<<<<

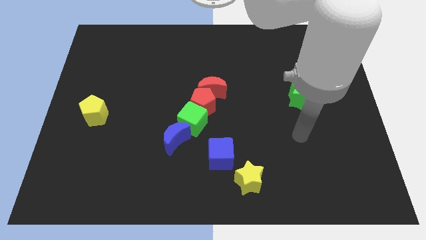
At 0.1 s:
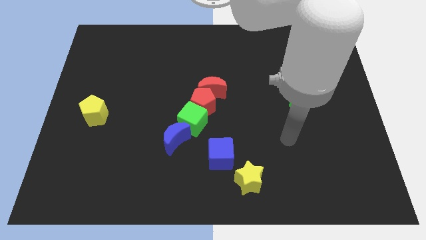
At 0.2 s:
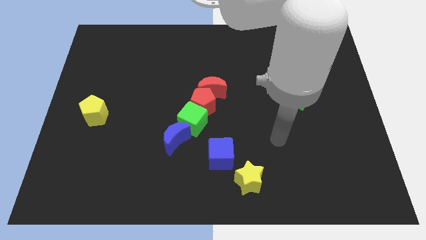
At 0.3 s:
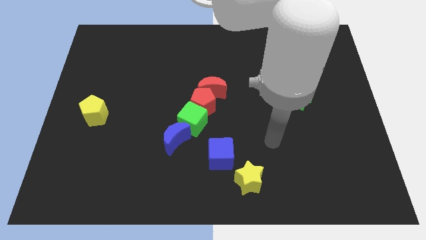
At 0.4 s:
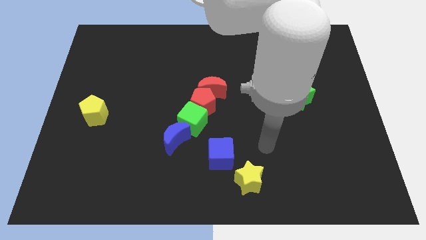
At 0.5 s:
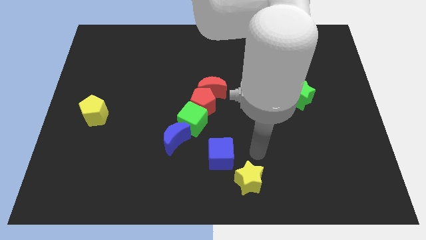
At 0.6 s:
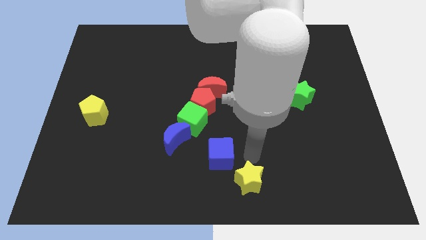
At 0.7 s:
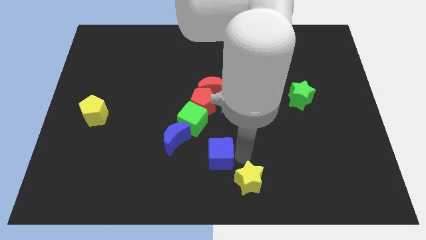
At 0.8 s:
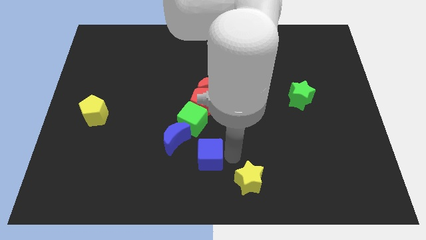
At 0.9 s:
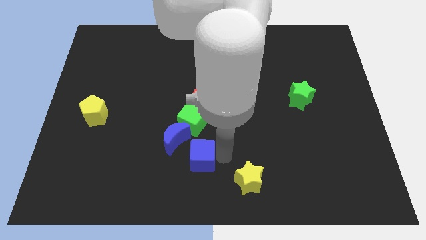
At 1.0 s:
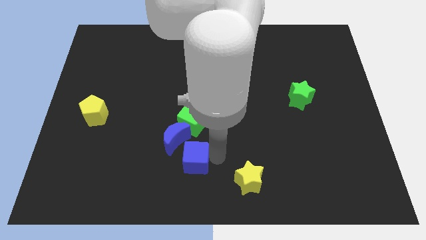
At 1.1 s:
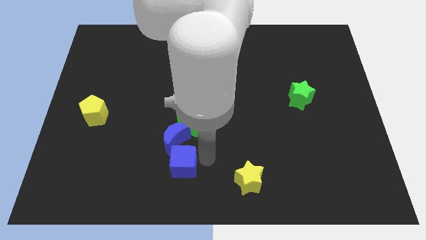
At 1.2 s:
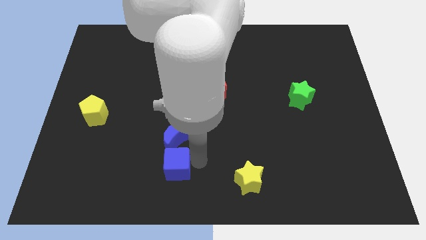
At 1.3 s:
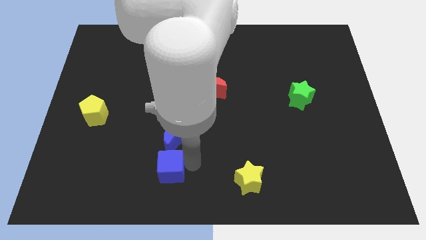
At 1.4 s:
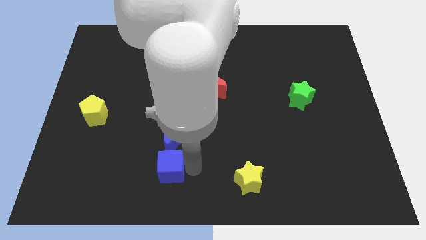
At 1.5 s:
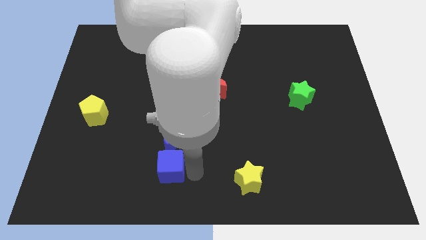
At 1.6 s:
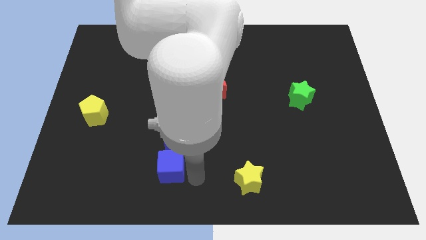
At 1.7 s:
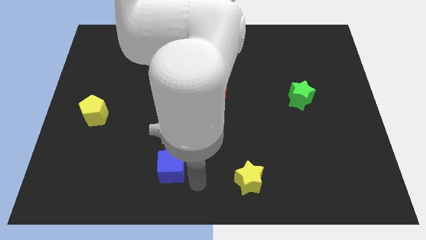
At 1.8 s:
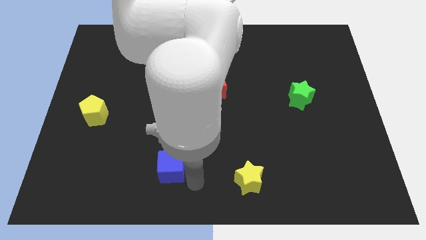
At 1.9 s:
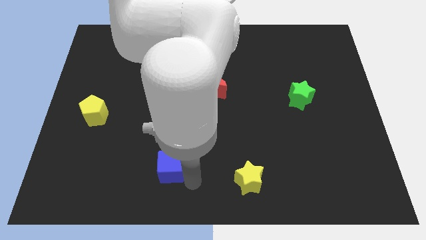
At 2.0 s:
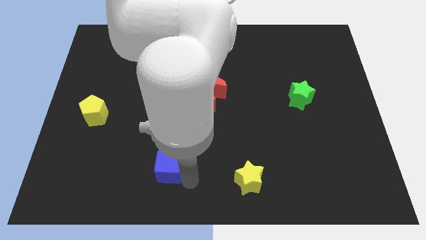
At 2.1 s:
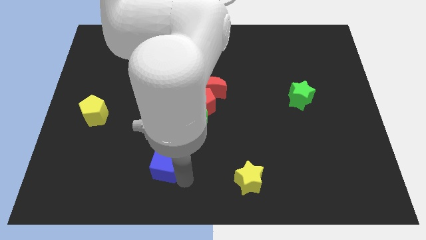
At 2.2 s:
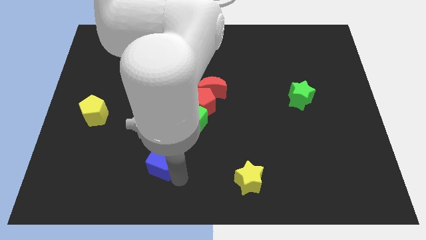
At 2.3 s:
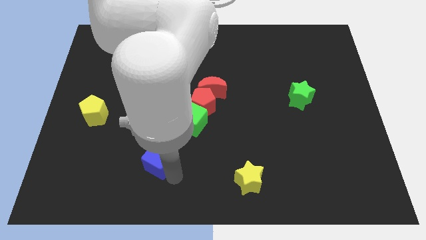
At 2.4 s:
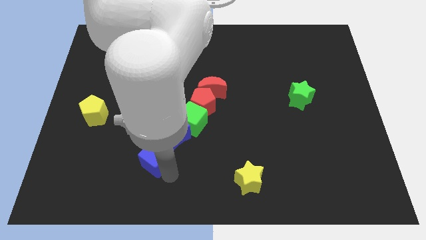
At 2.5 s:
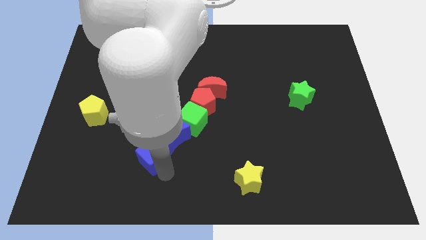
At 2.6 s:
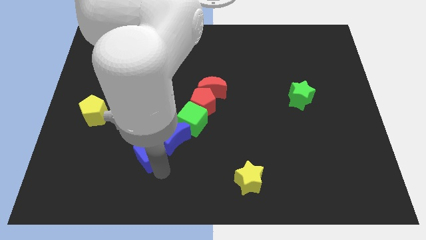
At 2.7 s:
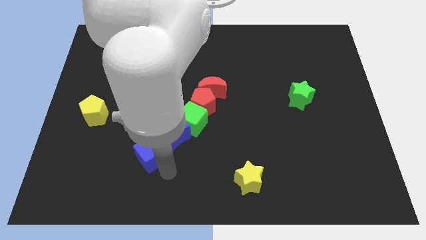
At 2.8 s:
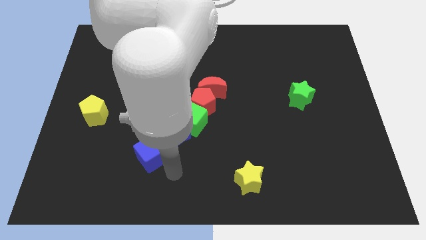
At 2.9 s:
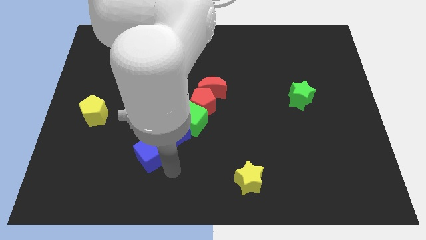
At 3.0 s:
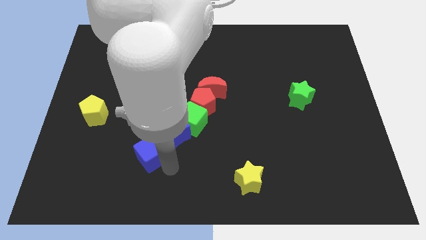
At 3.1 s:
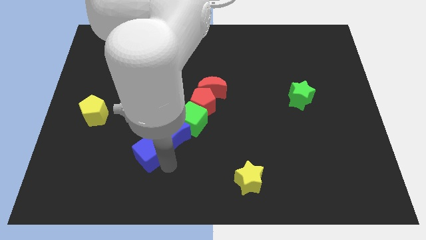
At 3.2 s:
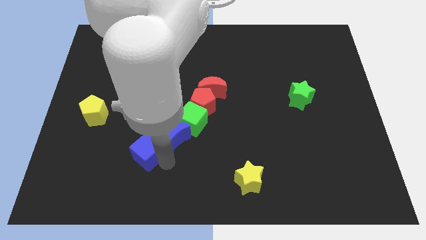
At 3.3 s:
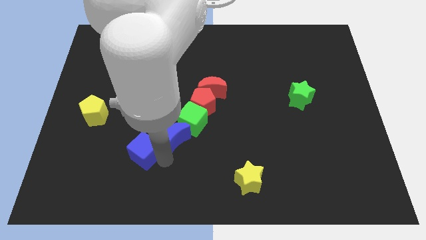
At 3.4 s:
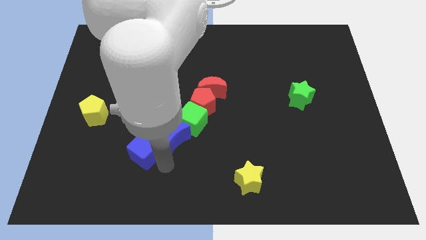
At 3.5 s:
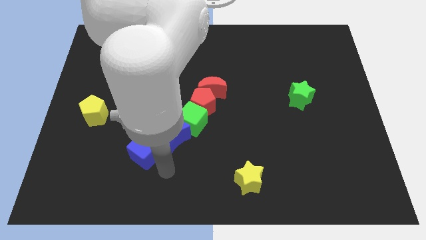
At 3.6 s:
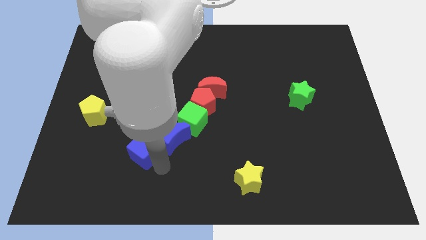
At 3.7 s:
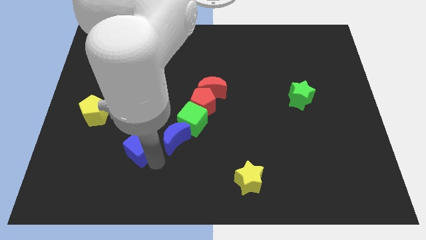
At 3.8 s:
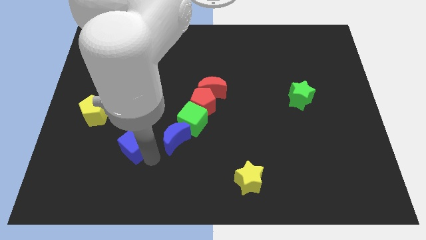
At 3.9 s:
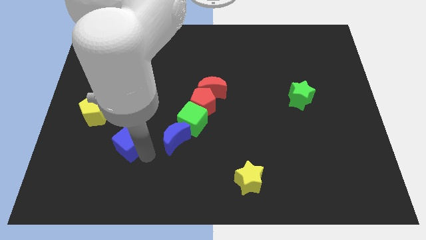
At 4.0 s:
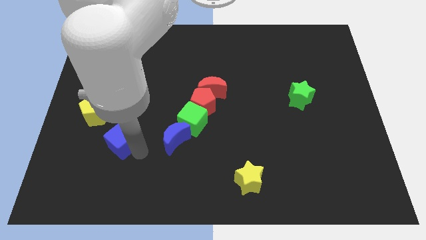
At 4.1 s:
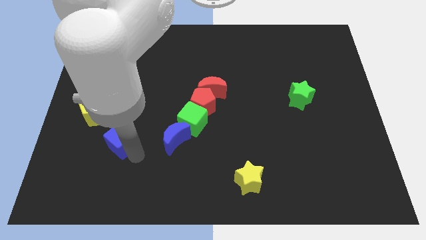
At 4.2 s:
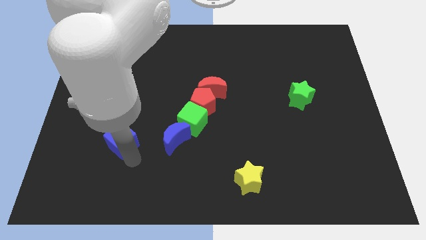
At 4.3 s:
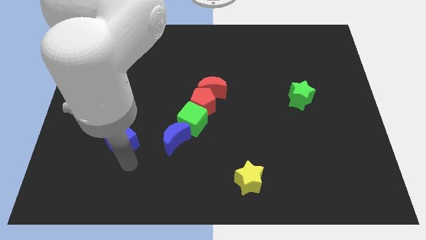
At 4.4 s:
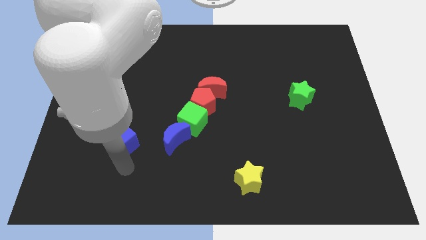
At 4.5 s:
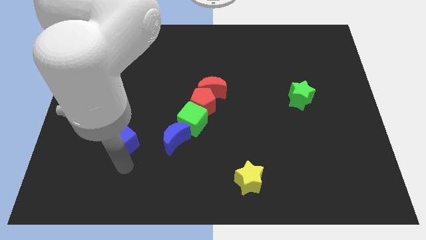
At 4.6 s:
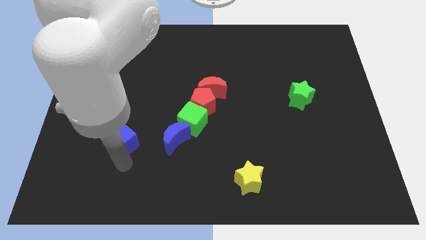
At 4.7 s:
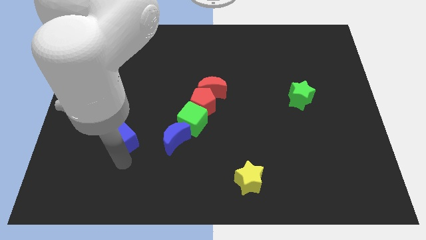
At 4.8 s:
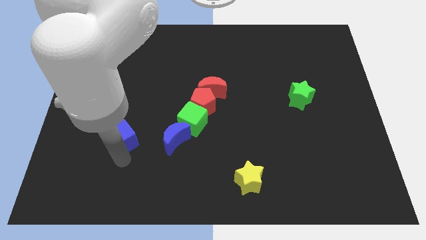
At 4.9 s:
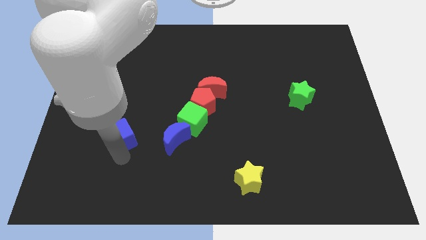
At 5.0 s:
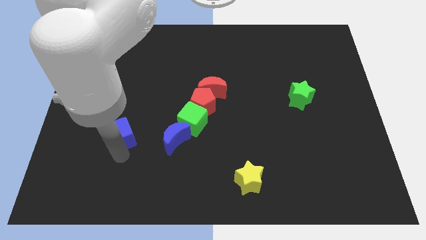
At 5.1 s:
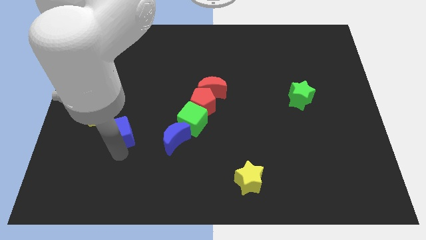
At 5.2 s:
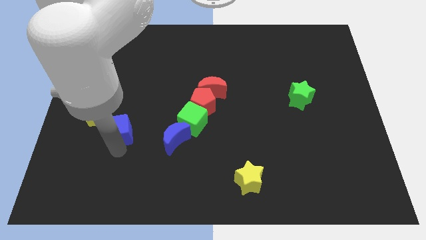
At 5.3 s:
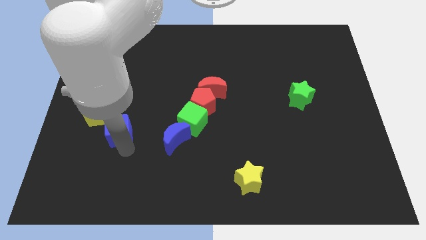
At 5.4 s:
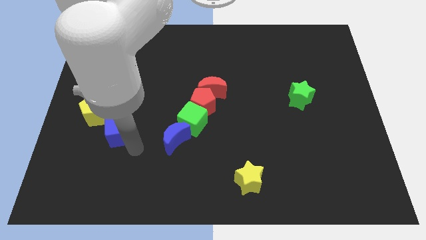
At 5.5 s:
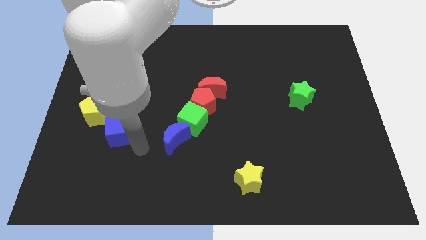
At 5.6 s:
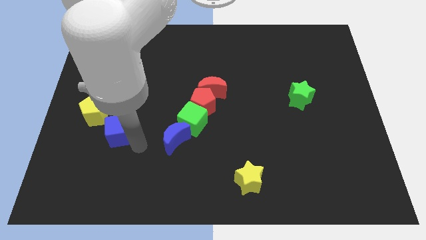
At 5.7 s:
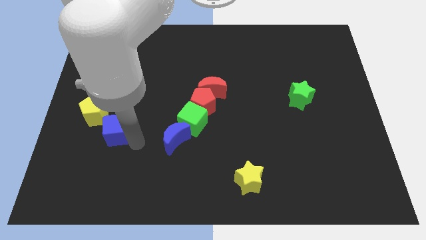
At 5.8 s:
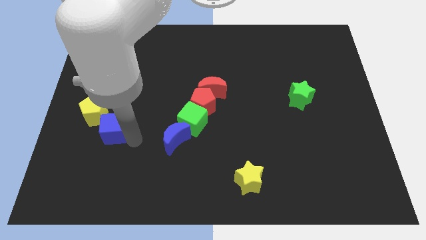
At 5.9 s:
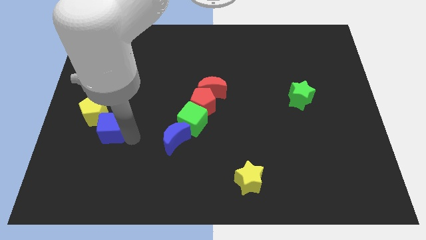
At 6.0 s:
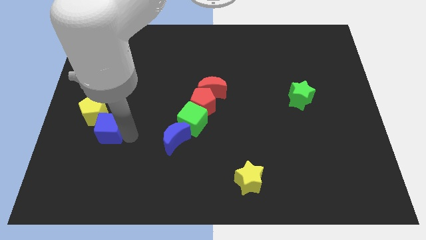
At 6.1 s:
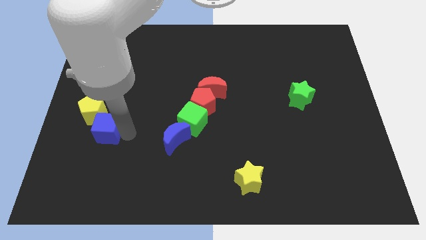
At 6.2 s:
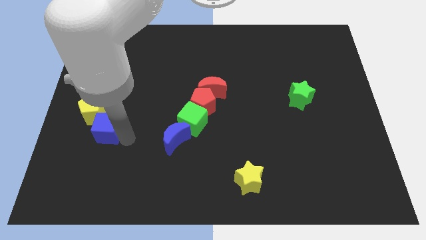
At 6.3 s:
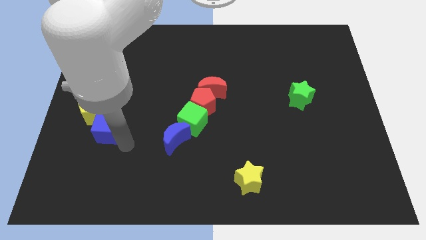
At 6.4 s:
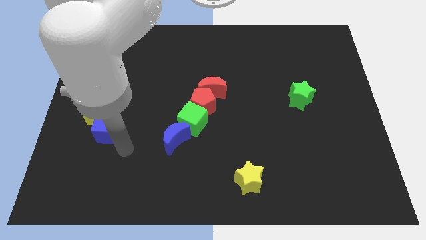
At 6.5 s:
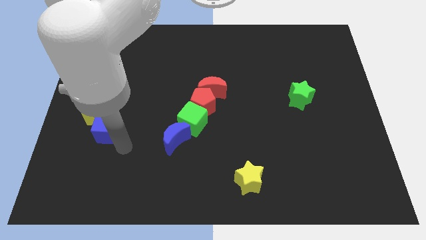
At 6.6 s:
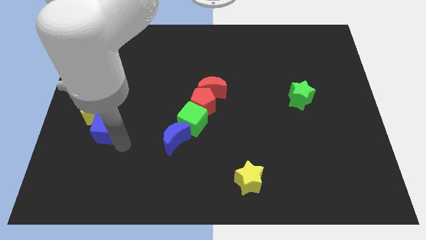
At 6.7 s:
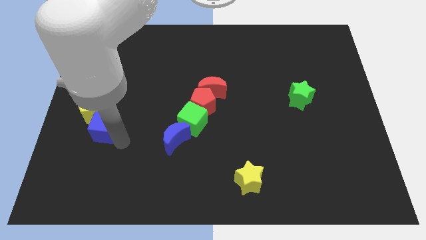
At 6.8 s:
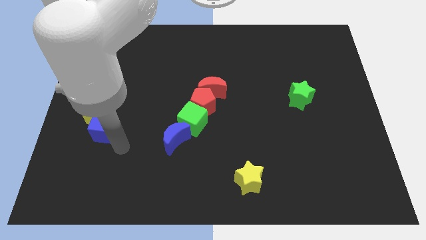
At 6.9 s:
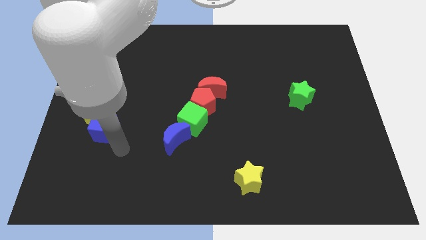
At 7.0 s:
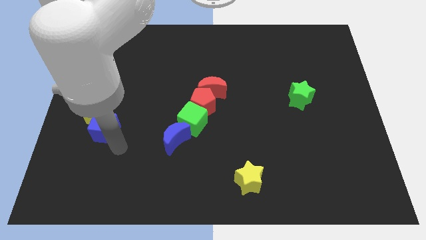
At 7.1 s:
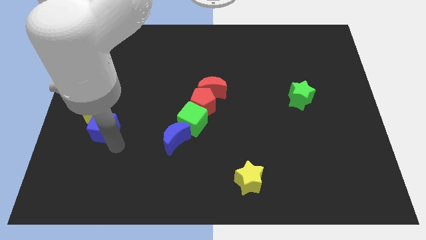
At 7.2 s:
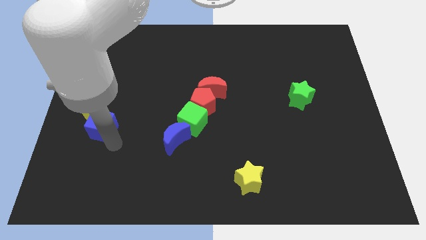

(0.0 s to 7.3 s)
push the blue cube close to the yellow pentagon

>>>>

Your copy must repeat the data word for word and show none of its images.

At 0.1 s:
At 0.2 s:
At 0.3 s:
At 0.4 s:
At 0.5 s:
At 0.6 s:
At 0.7 s:
At 0.8 s:
At 0.9 s:
At 1.0 s:
At 1.1 s:
At 1.2 s:
At 1.3 s:
At 1.4 s:
At 1.5 s:
At 1.6 s:
At 1.7 s:
At 1.8 s:
At 1.9 s:
At 2.0 s:
At 2.1 s:
At 2.2 s:
At 2.3 s:
At 2.4 s:
At 2.5 s:
At 2.6 s:
At 2.7 s:
At 2.8 s:
At 2.9 s:
At 3.0 s:
At 3.1 s:
At 3.2 s:
At 3.3 s:
At 3.4 s:
At 3.5 s:
At 3.6 s:
At 3.7 s:
At 3.8 s:
At 3.9 s:
At 4.0 s:
At 4.1 s:
At 4.2 s:
At 4.3 s:
At 4.4 s:
At 4.5 s:
At 4.6 s:
At 4.7 s:
At 4.8 s:
At 4.9 s:
At 5.0 s:
At 5.1 s:
At 5.2 s:
At 5.3 s:
At 5.4 s:
At 5.5 s:
At 5.6 s:
At 5.7 s:
At 5.8 s:
At 5.9 s:
At 6.0 s:
At 6.1 s:
At 6.2 s:
At 6.3 s:
At 6.4 s:
At 6.5 s:
At 6.6 s:
At 6.7 s:
At 6.8 s:
At 6.9 s:
At 7.0 s:
At 7.1 s:
At 7.2 s:

(0.0 s to 7.3 s)
push the blue cube close to the yellow pentagon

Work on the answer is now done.